The Ultimate fuel and emission saving device

In partnership with

A small Portuguese company is launching a new, affordable device which it says will reduce your vehicle’s fuel consumption and benefit the environment.

“My taxi consumes one litre less fuel per 100 kilometres and exhaust emissions are cut too. I’m happy because it’s both environmentally-friendly and allows me to reduce my fuel consumption,” says Lisbon taxi driver Carlos Manuel Trindade Diniz.

The device, called “Ultimate Cell”, is connected to the car’s electrical system and uses the energy produced by the battery. Manufacturers claim that using it can lead to a drop in fuel consumption of up to 30% and reduce exhaust emissions by up to 65%. Moreover, it is compatible with almost every kind of engine, including diesel, gasoline, biodiesel and GPL.

How does it work?

When the engine starts, the device initiates an electronically controlled electrolysis process, resulting in the chemical separation of the hydrogen molecules that will be fed into the engine’s air intake.

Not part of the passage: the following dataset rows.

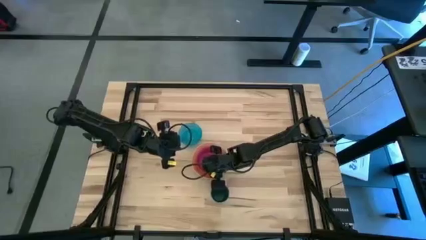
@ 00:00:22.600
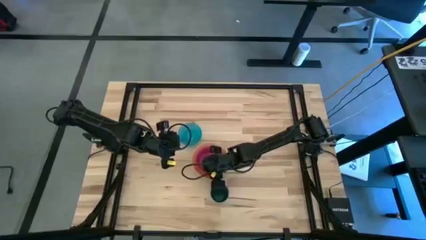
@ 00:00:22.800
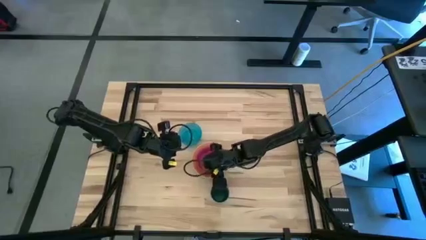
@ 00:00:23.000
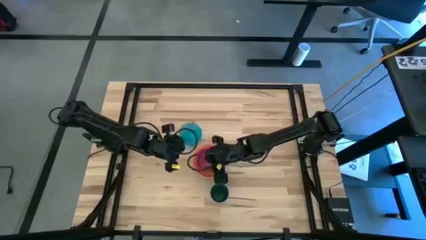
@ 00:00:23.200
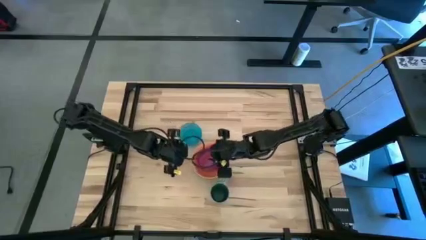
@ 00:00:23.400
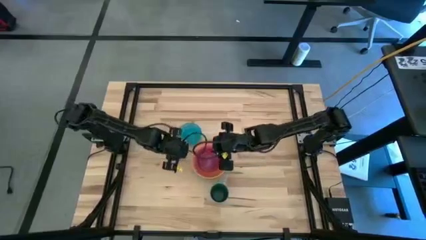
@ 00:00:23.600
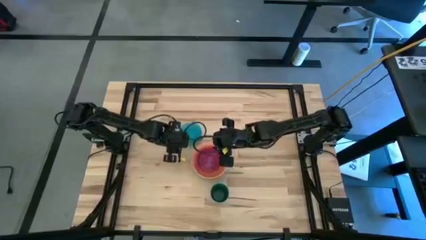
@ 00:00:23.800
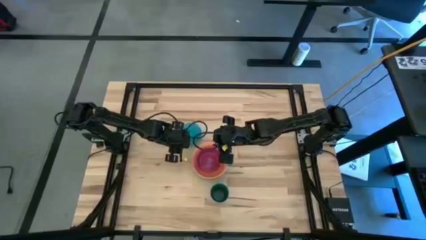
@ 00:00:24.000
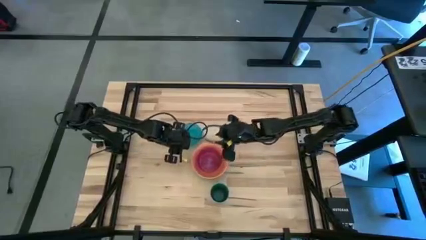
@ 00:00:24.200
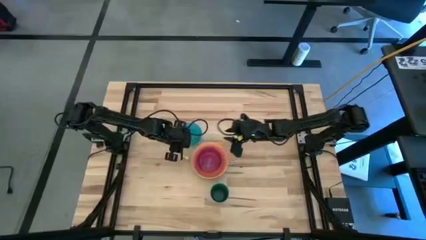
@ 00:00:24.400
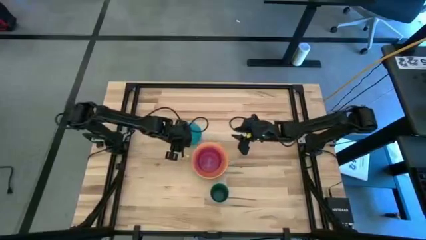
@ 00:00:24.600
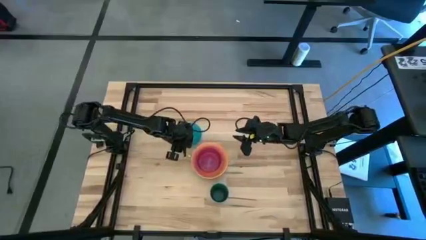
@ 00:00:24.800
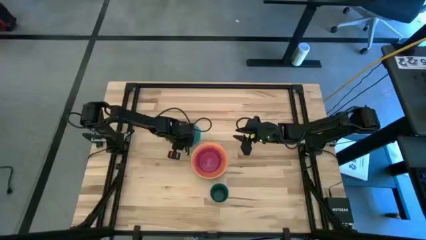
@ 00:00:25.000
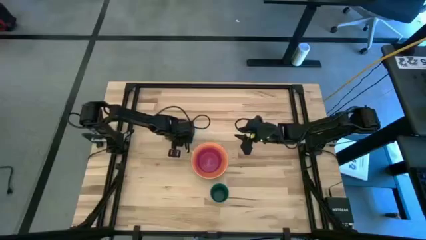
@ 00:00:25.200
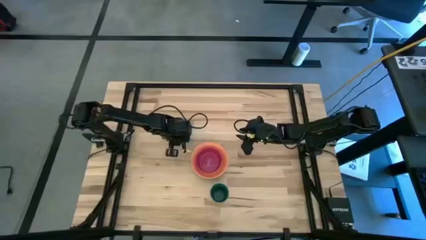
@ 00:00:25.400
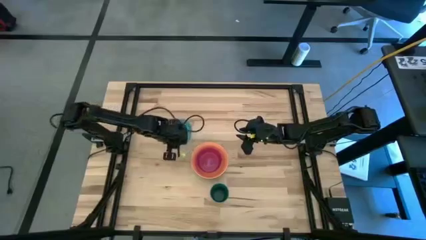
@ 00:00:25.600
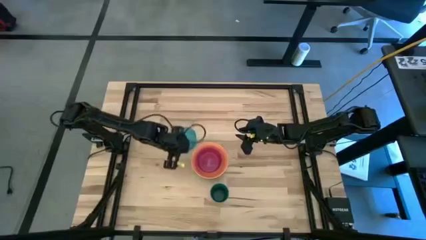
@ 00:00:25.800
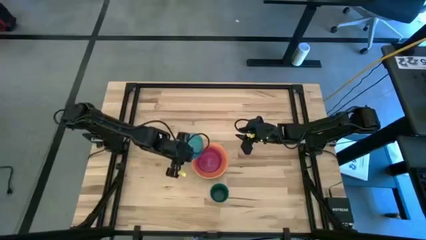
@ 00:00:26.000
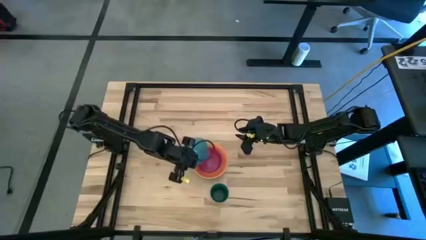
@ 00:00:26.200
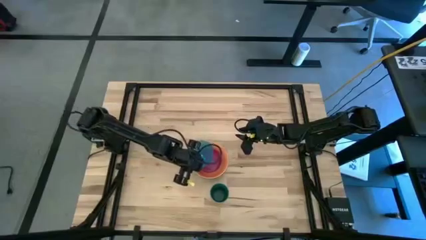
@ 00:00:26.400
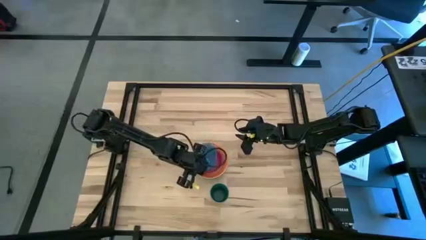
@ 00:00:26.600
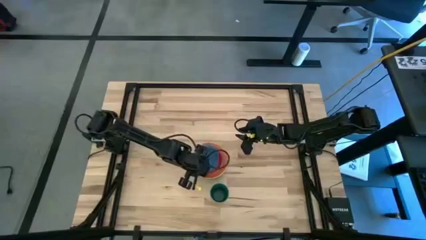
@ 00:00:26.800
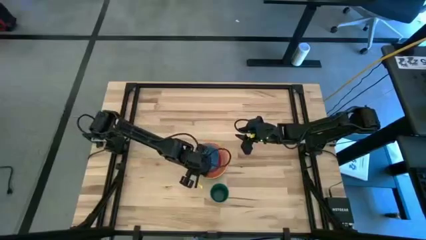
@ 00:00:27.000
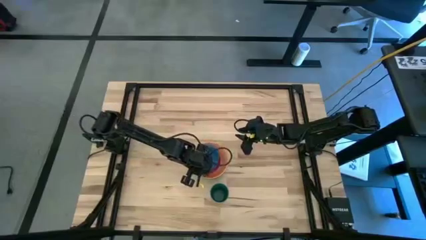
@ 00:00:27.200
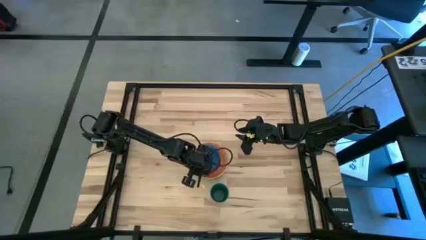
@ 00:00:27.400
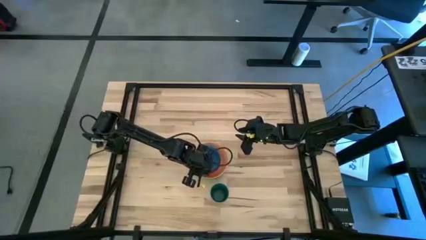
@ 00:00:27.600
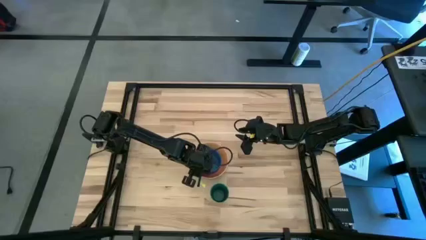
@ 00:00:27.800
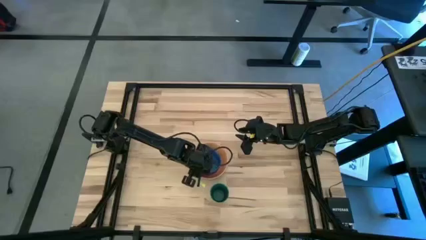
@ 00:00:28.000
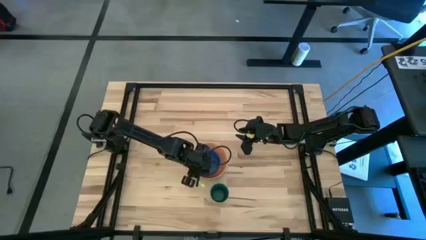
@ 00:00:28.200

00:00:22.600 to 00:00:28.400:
Stack the blue bowl on top of the violet bowl

The hydrogen goes into the engine’s combustion chamber, along with the air, and mixes with the fuel, reducing the amount of fuel needed.

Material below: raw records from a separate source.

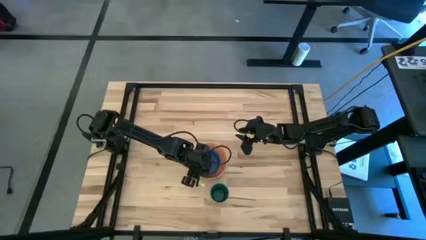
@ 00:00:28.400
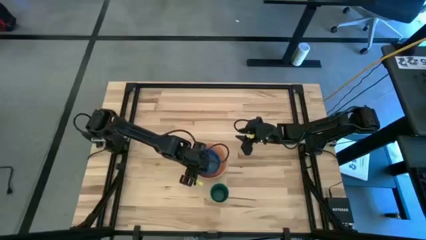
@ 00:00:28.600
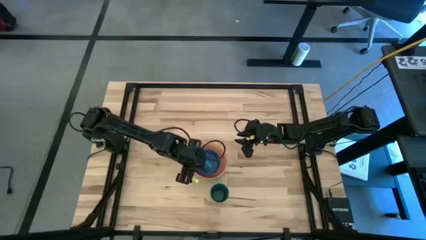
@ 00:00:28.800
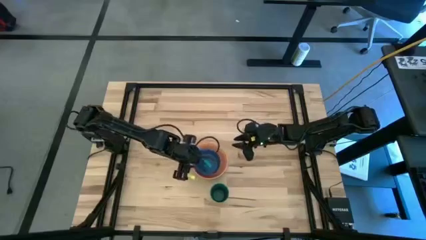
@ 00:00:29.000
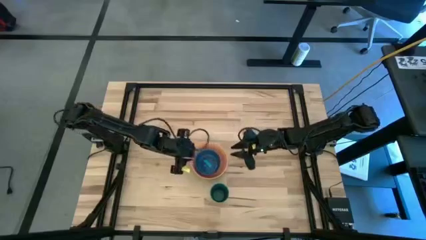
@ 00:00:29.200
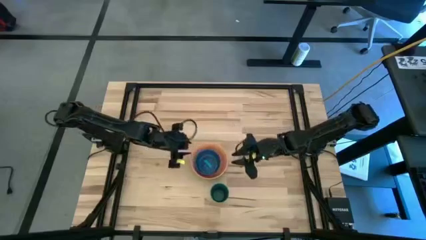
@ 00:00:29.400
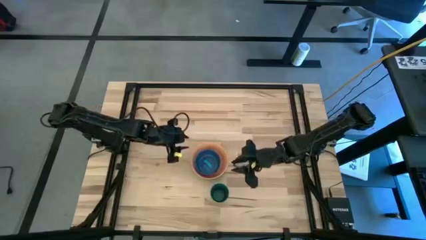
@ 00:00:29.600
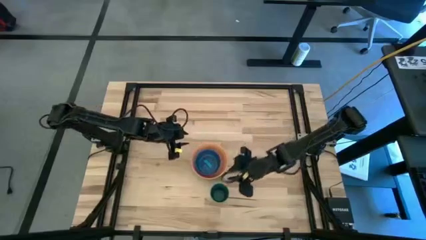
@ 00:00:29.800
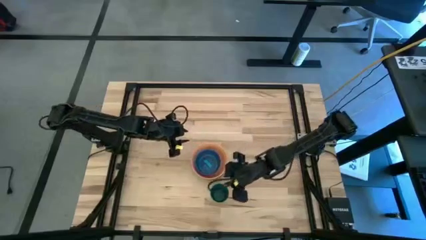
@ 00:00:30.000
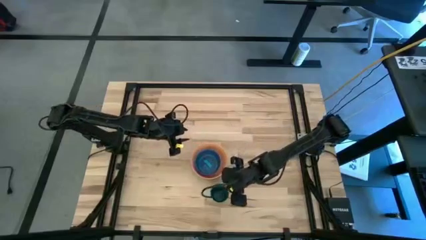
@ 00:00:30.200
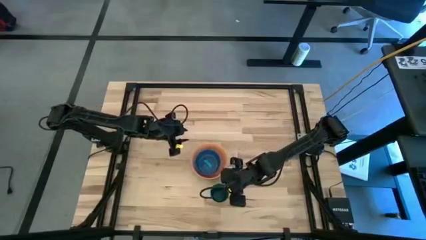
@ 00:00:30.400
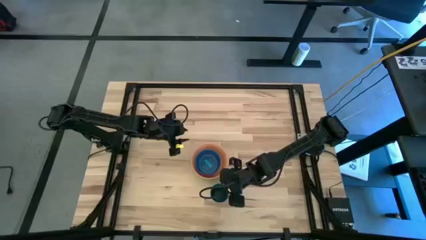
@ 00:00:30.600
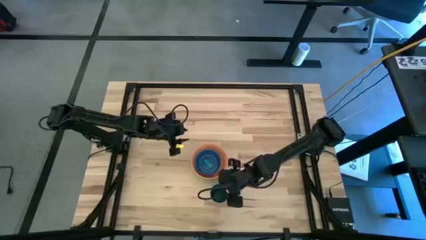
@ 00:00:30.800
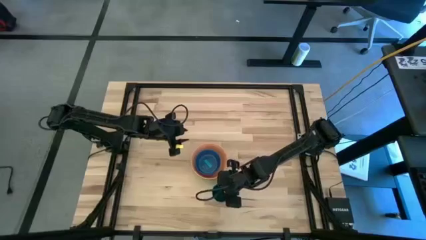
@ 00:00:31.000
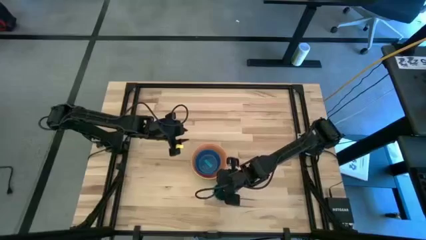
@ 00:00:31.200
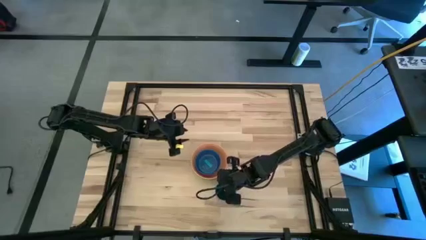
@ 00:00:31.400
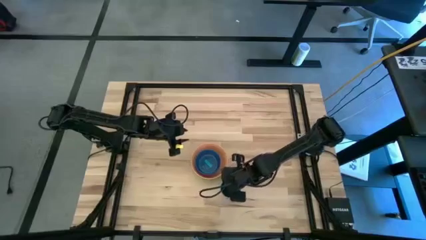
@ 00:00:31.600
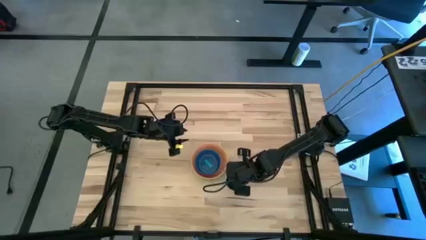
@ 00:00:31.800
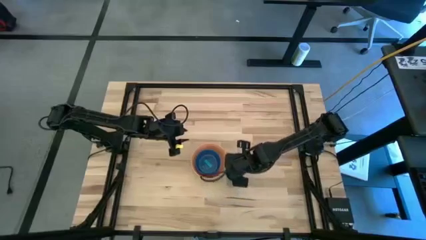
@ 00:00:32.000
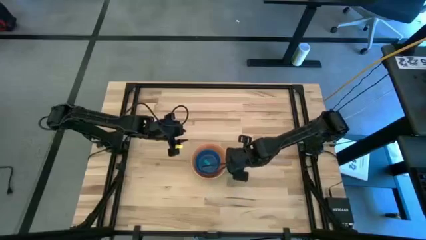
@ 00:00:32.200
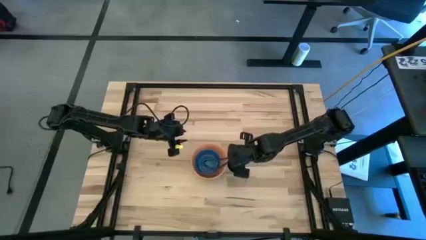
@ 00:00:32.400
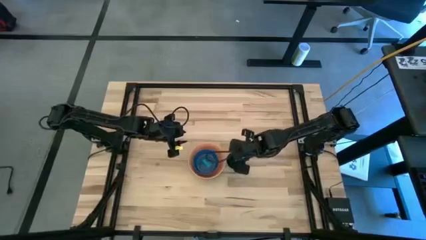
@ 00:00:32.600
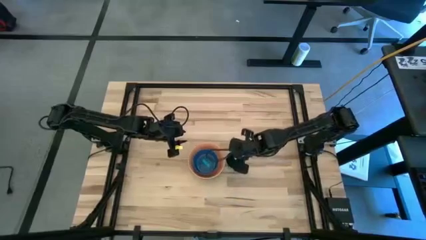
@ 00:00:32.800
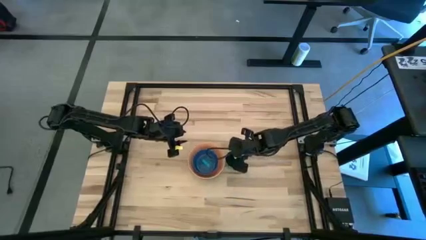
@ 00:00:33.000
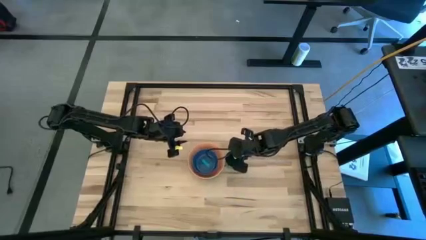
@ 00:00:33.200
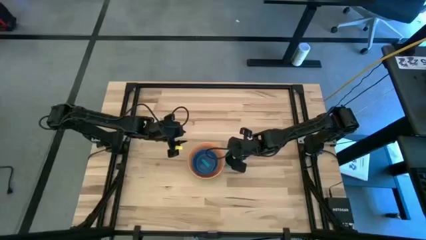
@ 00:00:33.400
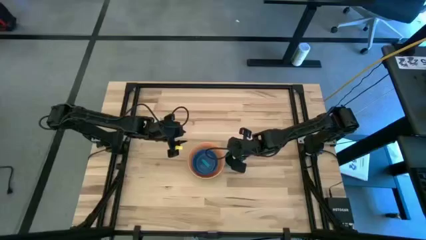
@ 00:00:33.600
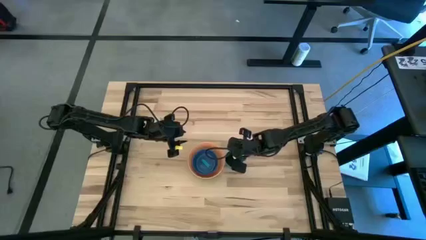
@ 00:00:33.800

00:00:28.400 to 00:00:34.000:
Move the green cup to the right of the stacked bowls

“With this kind of technology – these small bubbles of hydrogen injected into the inlet – the combustion process is much more complete, giving the car more power, so it can go further with the same amount of fuel, which means users consume up to 30% less fuel,” says electrical engineer Jose Tribolet, who has studied the system.

All the units are tested before being put onto the market.

“This technological approach is based on hydrogen. Hydrogen technology has been explored over many years, but always using hydrogen as fuel. That’s not the idea here. This device is simple. It does not require pressurized tanks, storing large amounts of hydrogen, or large investments. This is a small investment for the consumer,” says Professor Tribolet.

A number of fishing boats, which normally have very high fuel costs, have also been equipped with the device. An average fishing vessel uses an estimated 140 litres of diesel per hour. Those using the Ultimate Cell device have noted a 20 per cent drop in fuel consumption.

And lorry drivers using the device say they, too, have noticed an improvement in engine performance and efficiency, leading to a smoother and quieter driving experience.

After the device hit the market early this year, some 5,000 units have so far been sold at a cost of around 300 euros a piece. Each unit will last about 70,000 km, after which it will need to be recharged.